*SUPPLIED DATA*.
━━━━━━━━━━━━━━━━━━━━
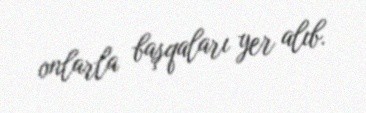
onlarla başqaları yer alıb.
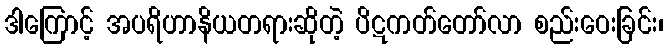
ဒါကြောင့် အပရိဟာနိယတရားဆိုတဲ့ ပိဋကတ်တော်လာ စည်းဝေးခြင်း၊
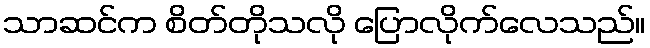
သာဆင်က စိတ်တိုသလို ပြောလိုက်လေသည်။
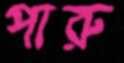
পারু
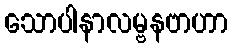
သောပါနာလမ္ဗနဗာဟာ
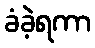
ခံခဲ့ရကာ
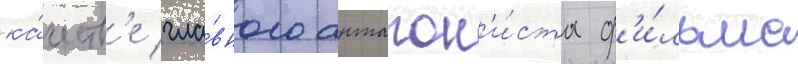
ка́честв'е гла́вного антагон'и́ста ф'и́льма
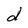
━━━━━━━━━━━━━━━━━━━━
Start with the line holding "သာဆင်က စိတ်တိုသလို ပြောလိုက်လေသည်။" and repeat exactly every line through the final line of the records above, but no pictures and nothing more.

*COMPLETED TASK*.
သာဆင်က စိတ်တိုသလို ပြောလိုက်လေသည်။
পারু
သောပါနာလမ္ဗနဗာဟာ
ခံခဲ့ရကာ
ка́честв'е гла́вного антагон'и́ста ф'и́льма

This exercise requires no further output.